The Opinion of Maran Shlit”a in his Yabia Omer
Maran Harav Shlit”a in his Responsa Yabia Omer (Volume 2, Chapter 22) writes lengthily to defend the ruling of Maran HaShulchan Aruch that there is no actual obligation to halt all other regular study topics before Pesach in order to delve into the laws of Pesach; only with regards to one “inquiring about an issue at hand” do we say that if one asks a Pesach-related question before Pesach that we are obligated to answer him.

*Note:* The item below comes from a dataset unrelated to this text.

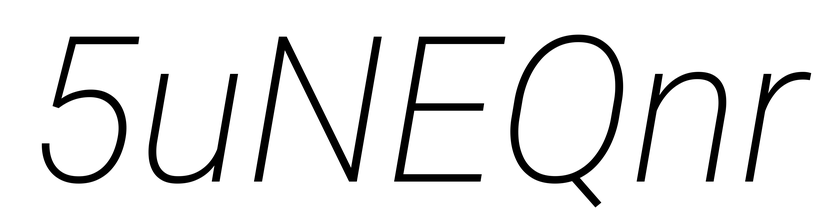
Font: Roboto-Italic_ExtraLight_Italic

Although there is no actual obligation to begin teaching the laws of Pesach in public thirty days before the holiday, nevertheless, every individual is obligated to learn the laws of Pesach well so as not to err during this holiday which contains a great many laws. Therefore, we at Halacha Yomit shall discuss the laws of Pesach as much as possible and we shall not delve deeply into the reasons for the Halachot; rather, we shall focus on the primary laws so that, as time goes on, we will be able to cover as much of the laws of Pesach as possible.
Besides for discussing the laws directly related to the holiday of Pesach, such as the laws of Matzah and koshering one’s home for Pesach, we must also discuss some of the laws of the Blessing of the Trees which is recited in the beginning of the month of Nissan.
This year, 5772, the first day of Pesach coincides with Shabbat and the seventh day of Pesach falls out on a Friday. Thus, on that Friday before the onset of the Seventh of Pesach, an “Eruv Tavshilin” must be prepared as we shall, G-d-willing, discuss.